For developers in the trenches, the most practical guidance is to build hybrid search architectures. The authors recommend combining the strengths of different methods:

Use dense embeddings for their powerful semantic understanding and their ability to find documents that are conceptually related, even without keyword overlap.
Rely on sparse methods like BM25 for their precision and combinatorial robustness, ensuring that all specified constraints in a query are met.

"Combining them provides a much more resilient and reliable system," the authors said in their comments, while noting that for simpler applications where there is typically a single best document, a pure embedding model may be perfectly adequate.

3. Rethink your evaluation strategy

A compelling point from the research is that academic leaderboards can be misleading, as they test only a tiny fraction of possible queries. "Relying solely on leaderboard performance can lead enterprises to adopt tools that look great on benchmarks but are brittle in practice," the authors warned.

Their advice is to move beyond standard benchmarks and create internal evaluations that mirror the combinatorial nature of real-world queries.
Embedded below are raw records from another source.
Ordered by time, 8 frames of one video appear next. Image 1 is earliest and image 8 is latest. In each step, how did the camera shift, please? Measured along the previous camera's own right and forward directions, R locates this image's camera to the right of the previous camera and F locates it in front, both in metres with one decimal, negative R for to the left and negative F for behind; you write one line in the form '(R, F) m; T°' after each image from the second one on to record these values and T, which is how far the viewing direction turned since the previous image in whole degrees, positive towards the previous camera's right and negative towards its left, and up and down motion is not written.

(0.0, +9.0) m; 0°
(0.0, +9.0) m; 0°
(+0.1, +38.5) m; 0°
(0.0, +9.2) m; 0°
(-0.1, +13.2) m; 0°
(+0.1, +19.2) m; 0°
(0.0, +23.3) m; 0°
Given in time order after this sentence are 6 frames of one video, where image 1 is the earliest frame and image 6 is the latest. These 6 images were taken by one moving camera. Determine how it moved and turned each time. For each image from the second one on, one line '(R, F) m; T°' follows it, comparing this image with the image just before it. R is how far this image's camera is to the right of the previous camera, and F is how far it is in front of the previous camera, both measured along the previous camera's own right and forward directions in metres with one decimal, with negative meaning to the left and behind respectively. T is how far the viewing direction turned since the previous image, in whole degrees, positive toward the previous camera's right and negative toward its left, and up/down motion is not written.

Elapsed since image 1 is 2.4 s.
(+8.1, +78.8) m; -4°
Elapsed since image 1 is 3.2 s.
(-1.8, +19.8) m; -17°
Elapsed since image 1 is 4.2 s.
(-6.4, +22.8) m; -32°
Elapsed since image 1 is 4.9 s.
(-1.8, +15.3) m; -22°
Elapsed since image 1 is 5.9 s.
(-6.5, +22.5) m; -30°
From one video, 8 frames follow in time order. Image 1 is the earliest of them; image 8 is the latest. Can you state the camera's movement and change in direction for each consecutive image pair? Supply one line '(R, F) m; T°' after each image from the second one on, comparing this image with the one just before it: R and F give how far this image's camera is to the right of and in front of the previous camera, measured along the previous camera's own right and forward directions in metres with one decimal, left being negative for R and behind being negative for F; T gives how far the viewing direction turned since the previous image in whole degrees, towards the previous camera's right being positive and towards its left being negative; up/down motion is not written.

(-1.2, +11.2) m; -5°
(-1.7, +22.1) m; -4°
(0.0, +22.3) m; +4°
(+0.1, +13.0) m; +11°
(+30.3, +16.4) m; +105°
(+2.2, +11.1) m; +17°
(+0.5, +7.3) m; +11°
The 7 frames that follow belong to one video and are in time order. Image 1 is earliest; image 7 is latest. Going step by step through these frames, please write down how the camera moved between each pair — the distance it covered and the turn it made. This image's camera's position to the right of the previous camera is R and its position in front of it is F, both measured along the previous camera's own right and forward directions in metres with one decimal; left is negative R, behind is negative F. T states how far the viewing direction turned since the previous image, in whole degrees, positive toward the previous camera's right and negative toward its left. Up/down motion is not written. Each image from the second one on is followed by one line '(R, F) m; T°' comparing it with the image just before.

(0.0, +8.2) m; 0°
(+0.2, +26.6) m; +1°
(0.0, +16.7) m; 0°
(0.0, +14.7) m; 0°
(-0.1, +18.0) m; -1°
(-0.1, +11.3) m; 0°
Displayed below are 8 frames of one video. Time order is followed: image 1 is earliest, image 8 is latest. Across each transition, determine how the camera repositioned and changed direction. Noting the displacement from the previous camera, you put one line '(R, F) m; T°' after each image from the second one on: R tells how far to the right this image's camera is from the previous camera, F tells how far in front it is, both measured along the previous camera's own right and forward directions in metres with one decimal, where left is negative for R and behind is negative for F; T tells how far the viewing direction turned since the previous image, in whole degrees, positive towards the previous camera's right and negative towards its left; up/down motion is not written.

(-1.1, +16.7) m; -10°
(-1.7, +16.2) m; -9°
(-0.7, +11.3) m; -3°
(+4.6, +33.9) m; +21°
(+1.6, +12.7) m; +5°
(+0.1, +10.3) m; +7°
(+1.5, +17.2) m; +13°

Instead of just testing for single-document relevance, they suggest teams "proactively design test cases that require retrieving specific sets of documents." For example, a team could synthetically generate queries that require retrieving specific pairs or triplets of documents from their corpus, providing a much more accurate picture of a model's true capabilities.

The Future of Retrieval

The paper suggests enterprises should explore more expressive architectures such as cross-encoders (models that jointly process query and documents), multi-vector models (models that learn multiple different embeddings to capture more nuance), and revisiting sparse models such as BM25.

While these techniques can help solve the challenges presented in the LIMIT dataset, the researchers believe this isn't necessarily the end of the single-vector paradigm. "One of the subtle but important conclusions of our work is that single vectors are, in theory, incredibly powerful – far more than current models demonstrate," the researchers told VentureBeat. "The geometric capacity is there, but empirically, we haven't yet been able to train models that fully exploit it. Ultimately, our work is a call to action for the research community. It highlights that we have been overly biased by popular benchmarks like MTEB and underscores the urgent need for more rigorous evaluation and continued innovation in the core principles of embedding-based retrieval."